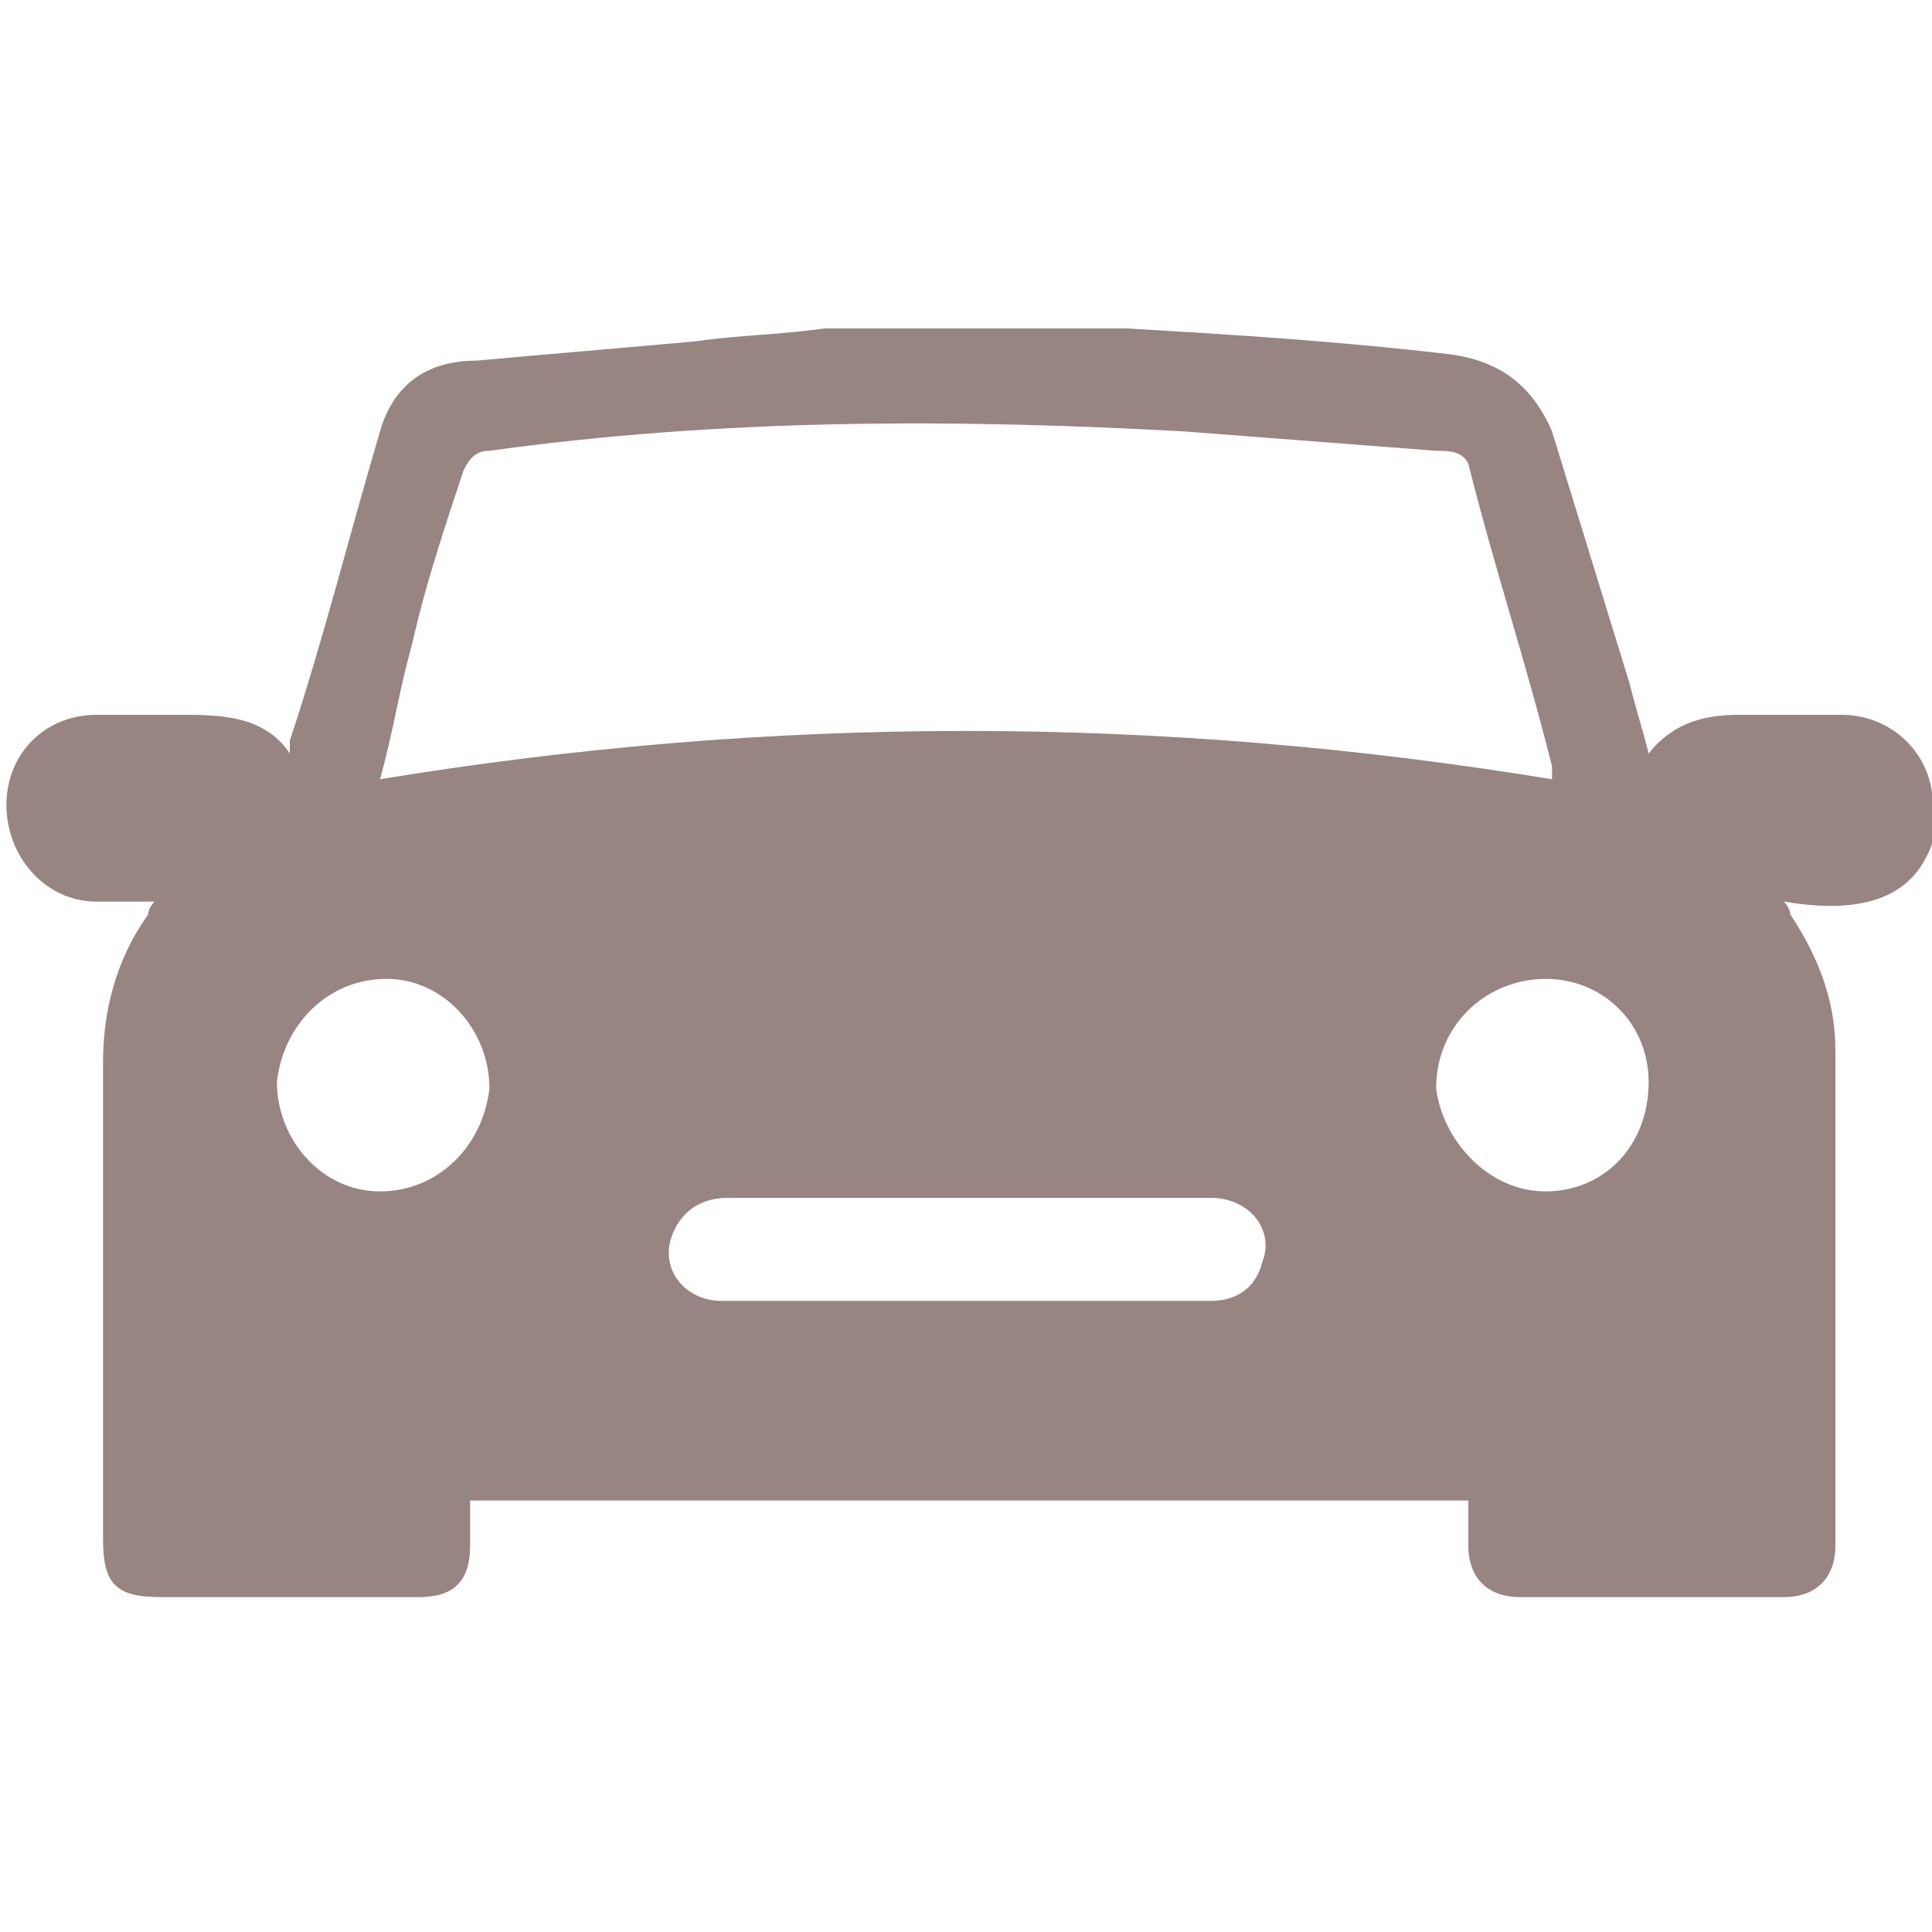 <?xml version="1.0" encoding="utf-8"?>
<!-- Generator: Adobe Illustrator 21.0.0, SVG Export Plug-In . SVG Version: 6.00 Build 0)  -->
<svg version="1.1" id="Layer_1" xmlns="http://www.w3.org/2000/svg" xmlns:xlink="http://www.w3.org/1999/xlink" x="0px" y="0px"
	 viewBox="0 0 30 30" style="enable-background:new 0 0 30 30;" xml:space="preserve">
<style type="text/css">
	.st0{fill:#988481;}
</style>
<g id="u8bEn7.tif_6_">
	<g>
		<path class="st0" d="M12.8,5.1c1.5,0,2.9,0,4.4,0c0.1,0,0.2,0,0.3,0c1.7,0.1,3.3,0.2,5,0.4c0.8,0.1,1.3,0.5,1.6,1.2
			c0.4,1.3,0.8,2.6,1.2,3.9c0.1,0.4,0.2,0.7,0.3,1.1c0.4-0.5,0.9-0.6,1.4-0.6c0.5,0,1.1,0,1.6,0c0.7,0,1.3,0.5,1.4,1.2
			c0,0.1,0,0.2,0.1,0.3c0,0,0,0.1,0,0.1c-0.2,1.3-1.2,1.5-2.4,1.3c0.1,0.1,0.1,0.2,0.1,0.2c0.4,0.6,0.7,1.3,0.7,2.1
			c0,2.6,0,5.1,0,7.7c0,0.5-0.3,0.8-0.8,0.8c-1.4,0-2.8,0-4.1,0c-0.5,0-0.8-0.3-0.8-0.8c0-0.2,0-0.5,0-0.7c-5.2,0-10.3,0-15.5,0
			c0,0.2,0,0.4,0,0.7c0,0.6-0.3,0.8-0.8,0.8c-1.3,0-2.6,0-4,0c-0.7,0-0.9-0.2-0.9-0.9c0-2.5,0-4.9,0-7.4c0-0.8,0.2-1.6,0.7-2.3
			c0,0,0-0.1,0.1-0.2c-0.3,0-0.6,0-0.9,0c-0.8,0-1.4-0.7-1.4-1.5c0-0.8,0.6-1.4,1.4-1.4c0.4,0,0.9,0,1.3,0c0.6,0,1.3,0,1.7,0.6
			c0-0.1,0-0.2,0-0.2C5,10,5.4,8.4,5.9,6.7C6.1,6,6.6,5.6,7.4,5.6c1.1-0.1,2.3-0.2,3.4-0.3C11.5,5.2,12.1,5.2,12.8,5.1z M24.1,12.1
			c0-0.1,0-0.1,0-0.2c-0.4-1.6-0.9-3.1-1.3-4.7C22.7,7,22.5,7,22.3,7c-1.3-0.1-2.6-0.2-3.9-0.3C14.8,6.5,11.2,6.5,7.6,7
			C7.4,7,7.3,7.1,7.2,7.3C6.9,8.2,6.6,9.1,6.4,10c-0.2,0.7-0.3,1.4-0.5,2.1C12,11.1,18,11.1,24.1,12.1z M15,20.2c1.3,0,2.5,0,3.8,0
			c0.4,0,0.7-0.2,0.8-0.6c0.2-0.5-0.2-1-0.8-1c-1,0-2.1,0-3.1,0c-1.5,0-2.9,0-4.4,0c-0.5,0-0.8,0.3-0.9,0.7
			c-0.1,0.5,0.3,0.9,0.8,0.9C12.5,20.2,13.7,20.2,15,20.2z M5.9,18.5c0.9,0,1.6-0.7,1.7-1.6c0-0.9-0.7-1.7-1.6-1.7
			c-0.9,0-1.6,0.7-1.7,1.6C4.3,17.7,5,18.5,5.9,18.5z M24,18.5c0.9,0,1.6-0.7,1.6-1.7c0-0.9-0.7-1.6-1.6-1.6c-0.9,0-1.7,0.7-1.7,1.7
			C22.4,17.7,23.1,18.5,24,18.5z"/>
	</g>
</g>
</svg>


◆ ◆ ◆ ◆

The answer must be every line of the listing that holds the word "style".

	 viewBox="0 0 30 30" style="enable-background:new 0 0 30 30;" xml:space="preserve">
<style type="text/css">
</style>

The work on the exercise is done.